Elife Y. (48) ve Suat Y.’nin (47) tek çocukları olan lise öğrencisi
N.B.Y., Cuma günleri okuldan saat 18.40’ta çıktığı için minibüse
binerek Özgür Çocuk Parkı’na geliyor ve her Cuma annesi tarafından
burada karşılanıyordu. N.B.Y., olayın yaşandığı 7 Eylül 2016 Cuma
günü saat 18.40’ta da son ders zilinin çalmasıyla birlikte okuldan
çıkarak, evine gitmek üzere şehir içi yolcu taşıyan bir minibüse
bindi. İddiaya göre, Zeytinli Bahçe Caddesi üzerindeki okulun
önünden hareket eden ve içinde şoför M.G. (26) ile arkadaşı
S.B.’den (30) başka kimse bulunmayan minibüs, yaklaşık 100 metre
ilerledikten sonra ana güzergahından sağa saparak ara sokaklara
girdi. Havanın yavaş yavaş kararmaya başladığı saatlerde,
boşaltılan ve oldukça ıssız bir bölge haline gelen Mersin
Üniversitesi Tıp Fakültesi Hastanesinin bulunduğu ara sokaklarda
dolaşmaya başlayan minibüsten inmek isteyen N.B.Y., daha sonra
yaşadıklarını şöyle anlattı:
"'İnmiyorsun, bizim istediğimiz yere gideceksin' dediler,
bağırmaya başladım"
"Okul çıkışı çok geç saatteydi ve direkt eve ulaşma çabasındaydım.

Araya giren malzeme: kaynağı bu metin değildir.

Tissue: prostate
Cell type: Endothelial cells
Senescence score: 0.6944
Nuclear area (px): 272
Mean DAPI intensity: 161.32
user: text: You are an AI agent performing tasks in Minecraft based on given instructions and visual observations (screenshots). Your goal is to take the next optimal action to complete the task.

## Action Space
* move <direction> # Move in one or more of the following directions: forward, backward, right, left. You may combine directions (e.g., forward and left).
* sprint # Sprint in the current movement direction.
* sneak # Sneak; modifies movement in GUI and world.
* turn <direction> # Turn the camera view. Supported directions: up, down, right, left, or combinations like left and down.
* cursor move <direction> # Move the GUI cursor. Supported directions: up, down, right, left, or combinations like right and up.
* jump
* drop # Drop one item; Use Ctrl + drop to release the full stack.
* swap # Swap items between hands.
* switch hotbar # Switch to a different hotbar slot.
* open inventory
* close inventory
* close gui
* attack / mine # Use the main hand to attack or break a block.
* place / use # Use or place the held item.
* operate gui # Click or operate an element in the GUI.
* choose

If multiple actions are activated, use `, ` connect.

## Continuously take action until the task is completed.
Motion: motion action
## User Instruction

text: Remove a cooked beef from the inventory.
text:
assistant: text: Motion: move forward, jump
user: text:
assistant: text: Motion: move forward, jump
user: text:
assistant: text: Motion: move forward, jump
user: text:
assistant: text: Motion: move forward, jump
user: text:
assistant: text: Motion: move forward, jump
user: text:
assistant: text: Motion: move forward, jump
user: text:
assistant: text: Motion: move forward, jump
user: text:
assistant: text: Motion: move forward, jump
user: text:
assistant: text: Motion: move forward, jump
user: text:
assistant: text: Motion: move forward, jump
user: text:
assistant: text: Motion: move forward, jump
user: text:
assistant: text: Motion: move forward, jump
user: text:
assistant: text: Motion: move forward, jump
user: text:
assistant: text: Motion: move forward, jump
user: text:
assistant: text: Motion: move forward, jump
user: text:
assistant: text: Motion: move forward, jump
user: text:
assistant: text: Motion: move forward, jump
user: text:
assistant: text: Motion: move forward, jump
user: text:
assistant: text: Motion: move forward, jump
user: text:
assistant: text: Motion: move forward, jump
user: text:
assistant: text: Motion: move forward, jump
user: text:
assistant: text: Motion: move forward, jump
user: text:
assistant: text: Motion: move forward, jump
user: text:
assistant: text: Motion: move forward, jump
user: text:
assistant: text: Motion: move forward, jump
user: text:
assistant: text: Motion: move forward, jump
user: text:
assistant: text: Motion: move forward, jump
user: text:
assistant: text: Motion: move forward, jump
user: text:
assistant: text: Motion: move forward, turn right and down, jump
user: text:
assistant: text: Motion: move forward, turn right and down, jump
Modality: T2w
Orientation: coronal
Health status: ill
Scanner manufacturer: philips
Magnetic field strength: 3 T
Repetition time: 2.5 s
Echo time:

İlk gelen minibüse bindim. Zaten yolcu alıyordu, o yüzden bir güven
hissettim. Ama sonra benden başka yolcu kalmadı. Daha sonra ara
sokağa girince Özgür Çocuk Parkı’na gitmek istediğimi söyledim,
onlar gitmediğini söylediler. İnmek istediğimde, ‘İnmiyorsun, bizim
istediğimiz yere gideceksin’ dediler. Ben bağırmaya başladım.
Şoförün yanındaki kişi cinsel organıyla oynamaya başladı. Bunun
üzerine ben daha çok bağırmaya başladığımda bir ara sokağa
girdiler. Aralarında, ‘planımız işliyor’ gibi konuşmalar yaptılar.
Ben bağırmaya devam ettim. O ara sokak çok ıssızdı. Ben atlamayı,
kaçmayı düşündüm. Arabanın bütün camları, kapısı kapalıydı. Hiçbir
şekilde de açma imkanım yoktu. Ben sadece eve gitmek
istiyordum.
"Nefes almayı bile unutmuştum. Bağırmam kurtuluşum
oldu"
Çığlıkları arasında iki şahsın kendisini yaklaşık 10 dakika boyunca
ara sokaklarda minibüsle gezdirdiklerini belirten N.B.Y., şoför ve
arkadaşının daha sonra minibüsü yeniden okulun önüne getirdiklerini
söyledi. N.B.Y., "Burada korkudan araçtan inemedim. Çok sayıda
öğrenci minibüse binince ben de inemedim. Özgür Çocuk Parkı’nda
indiğimde zaten çok kötü bir haldeydim ve hiçbir şey
hissetmiyordum. Aklıma gelen tek şey, bu olaydan nasıl
kurtulabilirim demekti. Elimden geldiği kadar bağırdım. Bağırmam
sanırım benim tek çözümüm, kaçışım, kurtuluşum oldu" dedi.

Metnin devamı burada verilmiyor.